__WHAT THIS TASK INVOLVES__: Please write the data out once more, exactly as it is given.

__Items listed in a dataset__:
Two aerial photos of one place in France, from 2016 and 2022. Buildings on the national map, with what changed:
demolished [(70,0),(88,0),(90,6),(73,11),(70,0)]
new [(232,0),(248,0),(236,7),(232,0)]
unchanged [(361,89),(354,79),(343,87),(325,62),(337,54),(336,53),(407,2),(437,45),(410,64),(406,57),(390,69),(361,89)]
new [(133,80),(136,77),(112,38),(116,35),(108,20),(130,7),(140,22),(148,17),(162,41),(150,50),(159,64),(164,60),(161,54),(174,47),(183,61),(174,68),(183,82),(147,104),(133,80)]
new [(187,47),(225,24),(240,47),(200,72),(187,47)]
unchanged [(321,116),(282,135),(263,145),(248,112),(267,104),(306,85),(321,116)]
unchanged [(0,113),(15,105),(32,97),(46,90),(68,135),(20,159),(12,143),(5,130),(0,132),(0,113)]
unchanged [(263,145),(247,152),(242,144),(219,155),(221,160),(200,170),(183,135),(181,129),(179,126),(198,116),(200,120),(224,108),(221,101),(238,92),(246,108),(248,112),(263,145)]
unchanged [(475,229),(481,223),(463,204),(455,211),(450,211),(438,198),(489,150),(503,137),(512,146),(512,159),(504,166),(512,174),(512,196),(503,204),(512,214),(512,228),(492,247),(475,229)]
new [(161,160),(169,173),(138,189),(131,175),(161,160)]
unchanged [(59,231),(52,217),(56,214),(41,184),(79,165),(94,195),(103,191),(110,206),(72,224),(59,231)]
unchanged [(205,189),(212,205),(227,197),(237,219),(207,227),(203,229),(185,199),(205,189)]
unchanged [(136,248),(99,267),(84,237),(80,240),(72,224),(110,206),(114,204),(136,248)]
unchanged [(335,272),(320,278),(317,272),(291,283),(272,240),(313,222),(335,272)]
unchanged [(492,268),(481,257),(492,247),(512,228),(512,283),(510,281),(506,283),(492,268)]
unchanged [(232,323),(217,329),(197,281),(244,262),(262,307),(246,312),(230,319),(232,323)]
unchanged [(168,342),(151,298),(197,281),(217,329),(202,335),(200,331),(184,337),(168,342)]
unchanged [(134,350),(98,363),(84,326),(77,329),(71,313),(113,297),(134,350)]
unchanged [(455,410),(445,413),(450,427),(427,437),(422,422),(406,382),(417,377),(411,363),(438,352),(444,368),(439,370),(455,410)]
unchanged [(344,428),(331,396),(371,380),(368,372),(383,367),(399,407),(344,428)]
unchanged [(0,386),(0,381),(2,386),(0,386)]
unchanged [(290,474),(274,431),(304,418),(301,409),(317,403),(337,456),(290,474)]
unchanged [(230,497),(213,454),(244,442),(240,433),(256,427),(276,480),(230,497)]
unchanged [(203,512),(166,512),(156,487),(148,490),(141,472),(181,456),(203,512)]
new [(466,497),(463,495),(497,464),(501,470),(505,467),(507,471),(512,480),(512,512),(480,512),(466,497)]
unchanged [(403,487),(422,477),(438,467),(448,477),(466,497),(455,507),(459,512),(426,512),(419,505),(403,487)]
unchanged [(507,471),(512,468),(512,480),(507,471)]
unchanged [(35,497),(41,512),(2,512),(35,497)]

__SOLVED PROBLEM__:
Two aerial photos of one place in France, from 2016 and 2022. Buildings on the national map, with what changed:
demolished [(70,0),(88,0),(90,6),(73,11),(70,0)]
new [(232,0),(248,0),(236,7),(232,0)]
unchanged [(361,89),(354,79),(343,87),(325,62),(337,54),(336,53),(407,2),(437,45),(410,64),(406,57),(390,69),(361,89)]
new [(133,80),(136,77),(112,38),(116,35),(108,20),(130,7),(140,22),(148,17),(162,41),(150,50),(159,64),(164,60),(161,54),(174,47),(183,61),(174,68),(183,82),(147,104),(133,80)]
new [(187,47),(225,24),(240,47),(200,72),(187,47)]
unchanged [(321,116),(282,135),(263,145),(248,112),(267,104),(306,85),(321,116)]
unchanged [(0,113),(15,105),(32,97),(46,90),(68,135),(20,159),(12,143),(5,130),(0,132),(0,113)]
unchanged [(263,145),(247,152),(242,144),(219,155),(221,160),(200,170),(183,135),(181,129),(179,126),(198,116),(200,120),(224,108),(221,101),(238,92),(246,108),(248,112),(263,145)]
unchanged [(475,229),(481,223),(463,204),(455,211),(450,211),(438,198),(489,150),(503,137),(512,146),(512,159),(504,166),(512,174),(512,196),(503,204),(512,214),(512,228),(492,247),(475,229)]
new [(161,160),(169,173),(138,189),(131,175),(161,160)]
unchanged [(59,231),(52,217),(56,214),(41,184),(79,165),(94,195),(103,191),(110,206),(72,224),(59,231)]
unchanged [(205,189),(212,205),(227,197),(237,219),(207,227),(203,229),(185,199),(205,189)]
unchanged [(136,248),(99,267),(84,237),(80,240),(72,224),(110,206),(114,204),(136,248)]
unchanged [(335,272),(320,278),(317,272),(291,283),(272,240),(313,222),(335,272)]
unchanged [(492,268),(481,257),(492,247),(512,228),(512,283),(510,281),(506,283),(492,268)]
unchanged [(232,323),(217,329),(197,281),(244,262),(262,307),(246,312),(230,319),(232,323)]
unchanged [(168,342),(151,298),(197,281),(217,329),(202,335),(200,331),(184,337),(168,342)]
unchanged [(134,350),(98,363),(84,326),(77,329),(71,313),(113,297),(134,350)]
unchanged [(455,410),(445,413),(450,427),(427,437),(422,422),(406,382),(417,377),(411,363),(438,352),(444,368),(439,370),(455,410)]
unchanged [(344,428),(331,396),(371,380),(368,372),(383,367),(399,407),(344,428)]
unchanged [(0,386),(0,381),(2,386),(0,386)]
unchanged [(290,474),(274,431),(304,418),(301,409),(317,403),(337,456),(290,474)]
unchanged [(230,497),(213,454),(244,442),(240,433),(256,427),(276,480),(230,497)]
unchanged [(203,512),(166,512),(156,487),(148,490),(141,472),(181,456),(203,512)]
new [(466,497),(463,495),(497,464),(501,470),(505,467),(507,471),(512,480),(512,512),(480,512),(466,497)]
unchanged [(403,487),(422,477),(438,467),(448,477),(466,497),(455,507),(459,512),(426,512),(419,505),(403,487)]
unchanged [(507,471),(512,468),(512,480),(507,471)]
unchanged [(35,497),(41,512),(2,512),(35,497)]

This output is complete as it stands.